Papa John’s is Being sued for allegedly violating the US Wiretap Act
Papa John’s is being sued by a customer, but not for the pizza itself, but rather for allegedly breaking the US Wiretap Act by keeping an eye on how he used the website that sells pizza. The titan of greasy wheels is said to have violated wiretapping regulations by using so-called session replay software on its website. This app is said to record and call home everything a user does on the website, including going to pages and placing orders.
It supposedly alerts Papa John’s to mouse movements, clicks, and keystrokes made on the page, for example. This data can be used to pinpoint the locations where customers leave a sale, become trapped, or become lost. Session replay programs have caused privacy concerns due to their indiscriminate data collection, occasionally shoddy security, inability to gain user agreement to track and keep this data, and analysts tracking your every move to see how they can improve their websites and enhance sales. On the other hand, you might not think it is all that alarming when you consider all the other concrete information a website may have on you, such as name, email and home address, date of birth, orders completed, payment data, etc. We should note that due to the technology, Intel has gone through a comparable legal battle.
A lawsuit [PDF] against Papa John’s was filed this week in a federal district court in southern California. In the proposed class-action complaint, Papa John’s is charged with violating the California Invasion of Privacy Act and the Wiretap Act with regard to their session replay software by going too far (CIPA). The “session replay” technology, according to the lawsuit, is “purportedly used to monitor and uncover faulty website functionality; nonetheless, the extent and information acquired by users of the technology… substantially surpasses the stated objective,” alleges David Kauffman of San Diego.
Although his complaint doesn’t precisely name the software, or “spyware,” as he dubbed it, that Papa John’s allegedly used, he insists that such code is illegal. The lawsuit seeks “the greater of $10,000 or $100 per day for each violation” of the Wiretap Act, in addition to the $2,500 in statutory damages for each CIPA violation. Papa John’s may be liable for a substantial amount of money if they are proven to be at fault, which is unfortunate for them. Even though Kauffman’s lawyers don’t know the exact number of people in the class who are named in the lawsuit, they think that “millions” of people were secretly watched.
We’ll update this article as Papa John’s responds to our questions about the lawsuit. Privacy respect cannot be baked into a pie. The fast food chain was previously fined £10,000 ($11,100) in the UK for sending advertising text messages to clients without their express consent, despite the argument that Papa John’s leaves a lot out of their pizza, such as flavor.
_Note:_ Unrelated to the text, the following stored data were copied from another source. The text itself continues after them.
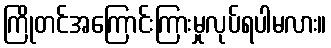
ကြိုတင်အကြောင်းကြားမှုလုပ်ရပါမလား။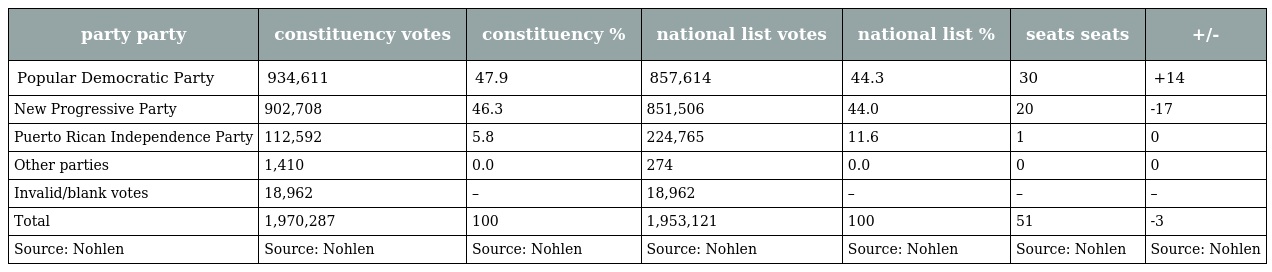
| party party | constituency votes | constituency % | national list votes | national list % | seats seats | +/- |
 | --- | --- | --- | --- | --- | --- | --- |
 | Popular Democratic Party | 934,611 | 47.9 | 857,614 | 44.3 | 30 | +14 |
 | New Progressive Party | 902,708 | 46.3 | 851,506 | 44.0 | 20 | -17 |
 | Puerto Rican Independence Party | 112,592 | 5.8 | 224,765 | 11.6 | 1 | 0 |
 | Other parties | 1,410 | 0.0 | 274 | 0.0 | 0 | 0 |
 | Invalid/blank votes | 18,962 | – | 18,962 | – | – | – |
 | Total | 1,970,287 | 100 | 1,953,121 | 100 | 51 | -3 |
 | Source: Nohlen | Source: Nohlen | Source: Nohlen | Source: Nohlen | Source: Nohlen | Source: Nohlen | Source: Nohlen |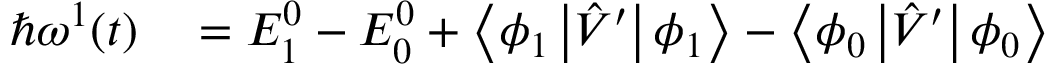
\begin{array} { r l } { \hbar \omega ^ { 1 } ( t ) } & { { } = E _ { 1 } ^ { 0 } - E _ { 0 } ^ { 0 } + \left\langle \phi _ { 1 } \left| \hat { V } ^ { \prime } \right| \phi _ { 1 } \right\rangle - \left\langle \phi _ { 0 } \left| \hat { V } ^ { \prime } \right| \phi _ { 0 } \right\rangle } \end{array}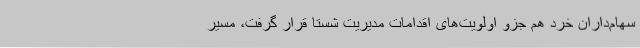
سهام‌داران خرد هم جزو اولویت‌های اقدامات مدیریت شستا قرار گرفت، مسیر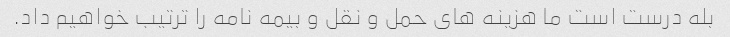
بله درست است ما هزینه های حمل و نقل و بیمه نامه را ترتیب خواهیم داد.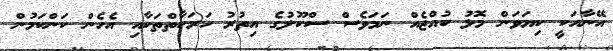
އޭނާއަކީ ކިޔަވަން މޮޅު ކުއްޖެއް ނަމަވެސް ސްކޫލުގެ އިތުރު ހަރަކާތްތަކާއި އެހެން ކަންކަމުން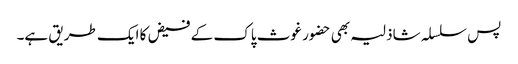
پس سلسلہ شاذلیہ بھی حضور غوث پاک کے فیض کا ایک طریق ہے۔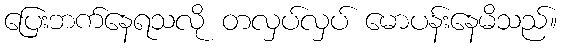
ပြေးဘက်နေရသလို တလှပ်လှပ် မောပန်းနေမိသည်။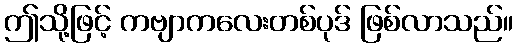
ဤသို့ဖြင့် ကဗျာကလေးတစ်ပုဒ် ဖြစ်လာသည်။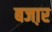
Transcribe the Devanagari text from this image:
बजा़र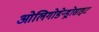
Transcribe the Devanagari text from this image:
ओलिगोडेन्ड्रोसाइट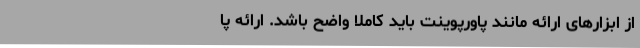
از ابزارهای ارائه مانند پاورپوینت باید کاملاً واضح باشد. ارائه پا

Papa John’s was charged with abusing the Privacy and Electronic Communications Regulations of Great Britain’s “soft opt-in” exception, which permits companies to use customer information obtained during a sale to send marketing communications, but only if the customer is given the opportunity to opt-out first. That’s where Papa John’s fell short. Papa John’s wouldn’t be the first company to face charges in US courts for utilizing session replay code.
Numerous lawsuits have been filed in Florida and California against companies that were accused of using integrated technology on their websites for illicit activities. Despite the fact that many cases brought in Florida in recent years have been dismissed, the Ninth Circuit Court of Appeals’ ruling in June, according to The National Law Review, opened the door to a flood of new session replay lawsuits in California using the same legal justification used in the Papa John’s case.